[Dataset items]
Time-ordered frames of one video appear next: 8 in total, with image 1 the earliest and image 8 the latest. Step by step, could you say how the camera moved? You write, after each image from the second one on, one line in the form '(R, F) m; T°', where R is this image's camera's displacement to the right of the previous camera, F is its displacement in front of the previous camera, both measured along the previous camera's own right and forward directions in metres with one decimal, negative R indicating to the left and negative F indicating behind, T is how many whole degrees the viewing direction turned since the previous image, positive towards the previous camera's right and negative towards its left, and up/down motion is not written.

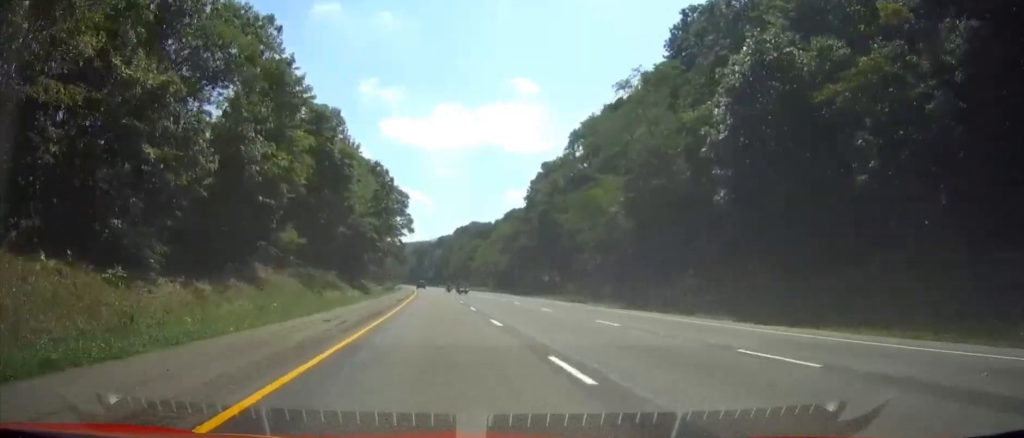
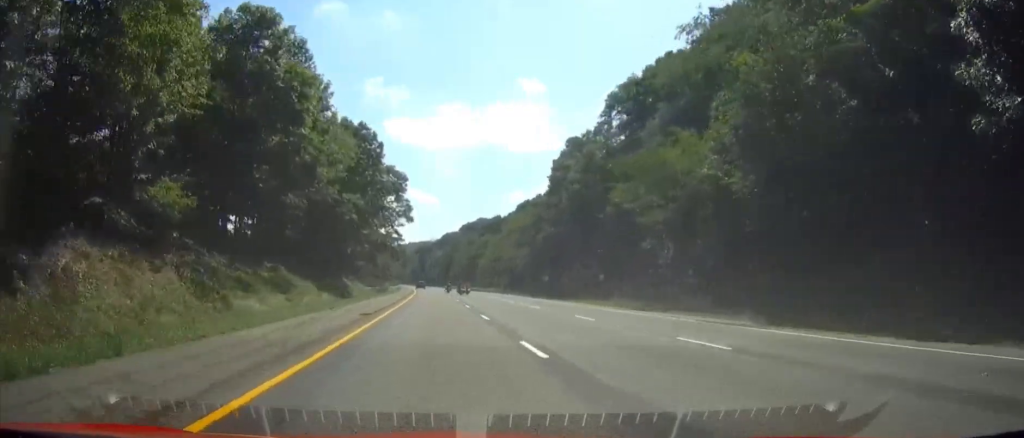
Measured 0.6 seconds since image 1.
(0.0, +21.4) m; 0°
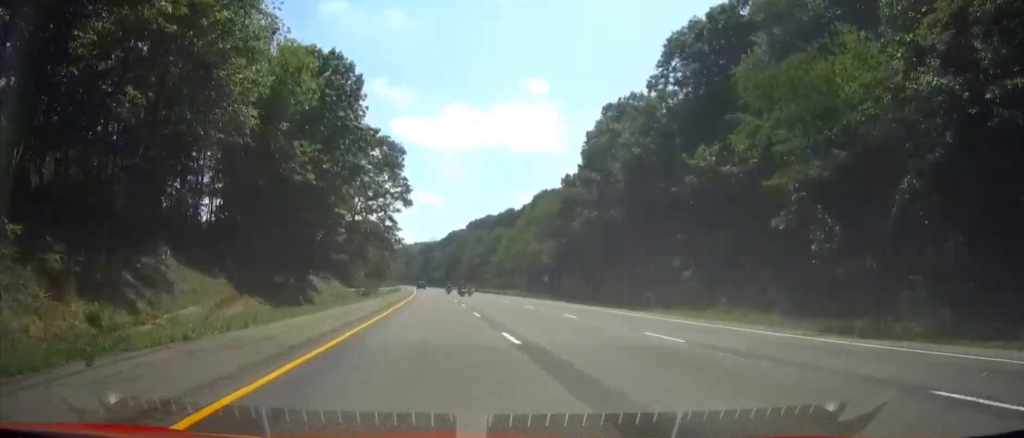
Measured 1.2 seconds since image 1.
(-0.1, +21.3) m; -1°
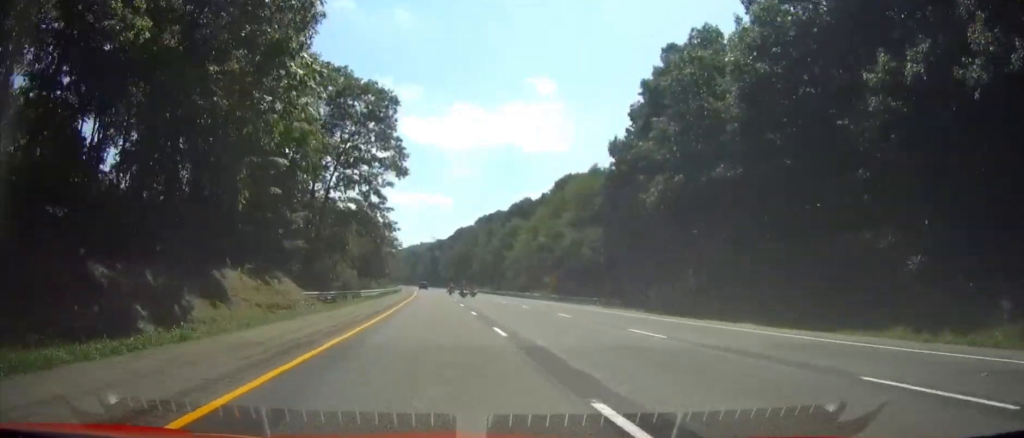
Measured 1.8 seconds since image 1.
(-0.1, +22.5) m; -1°
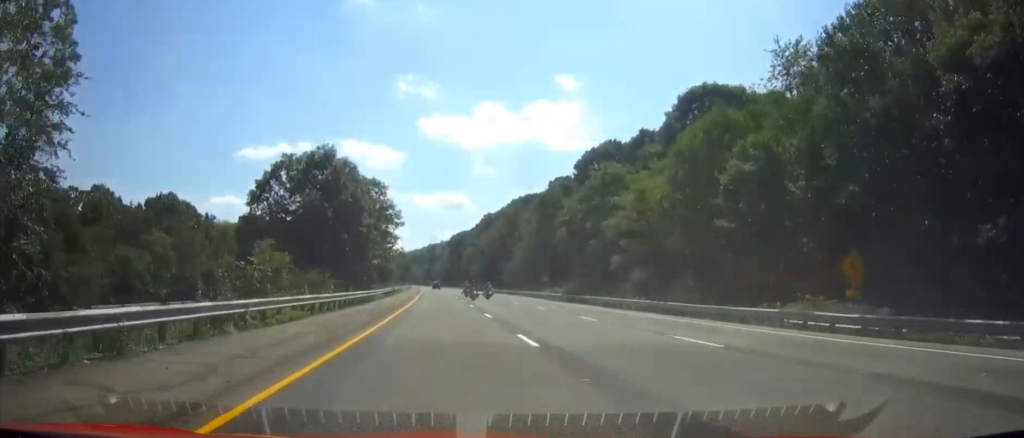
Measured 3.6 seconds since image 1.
(-1.0, +63.7) m; -2°
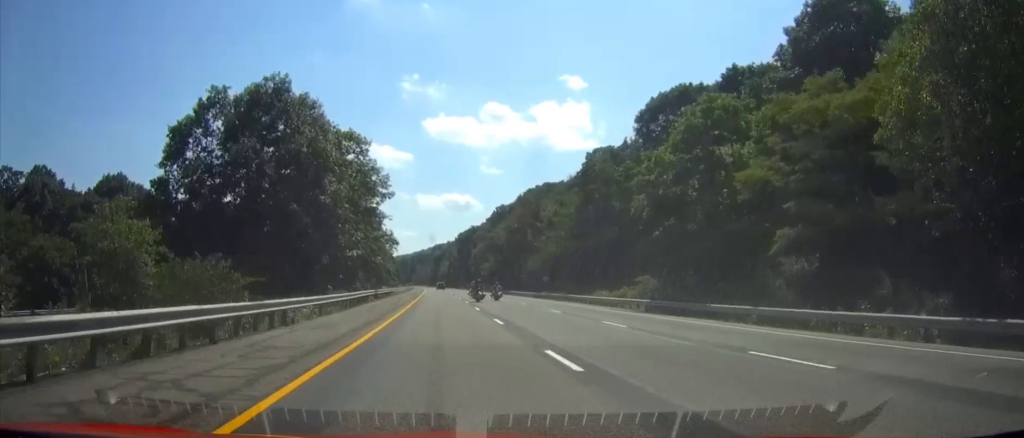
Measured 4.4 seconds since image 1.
(-0.1, +28.3) m; -1°
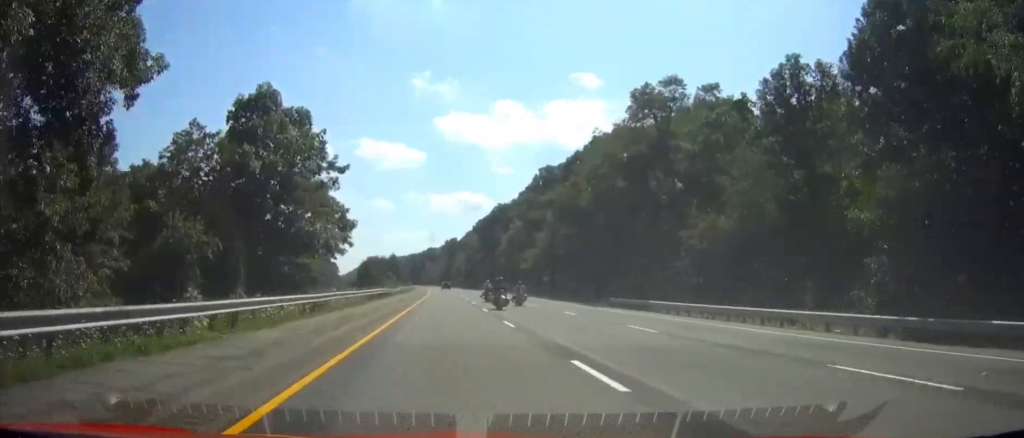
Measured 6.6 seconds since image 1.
(-0.6, +75.3) m; -1°
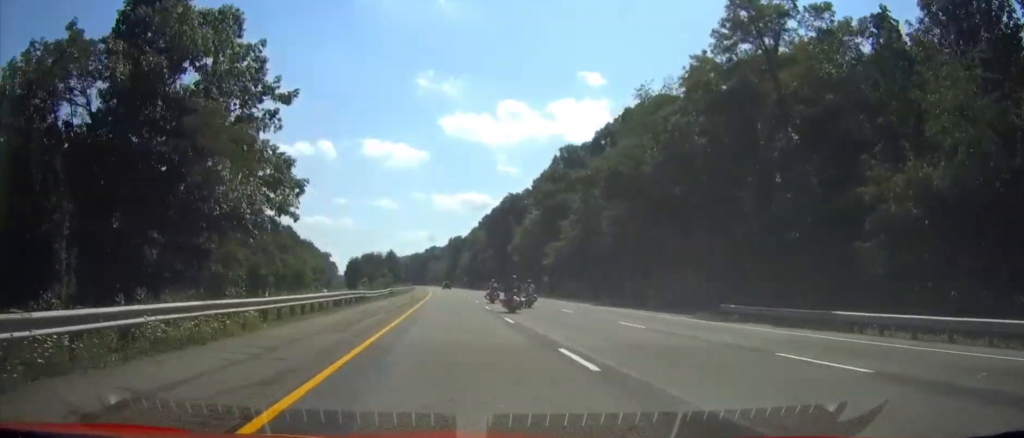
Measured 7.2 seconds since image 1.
(-0.2, +22.4) m; 0°

**About this task**
All lines from the one containing "Measured 0.6 seconds since image 1." through the end of the entries, both ends included, should be written out exactly, with no pictures.

**Output**
Measured 0.6 seconds since image 1.
(0.0, +21.4) m; 0°
Measured 1.2 seconds since image 1.
(-0.1, +21.3) m; -1°
Measured 1.8 seconds since image 1.
(-0.1, +22.5) m; -1°
Measured 3.6 seconds since image 1.
(-1.0, +63.7) m; -2°
Measured 4.4 seconds since image 1.
(-0.1, +28.3) m; -1°
Measured 6.6 seconds since image 1.
(-0.6, +75.3) m; -1°
Measured 7.2 seconds since image 1.
(-0.2, +22.4) m; 0°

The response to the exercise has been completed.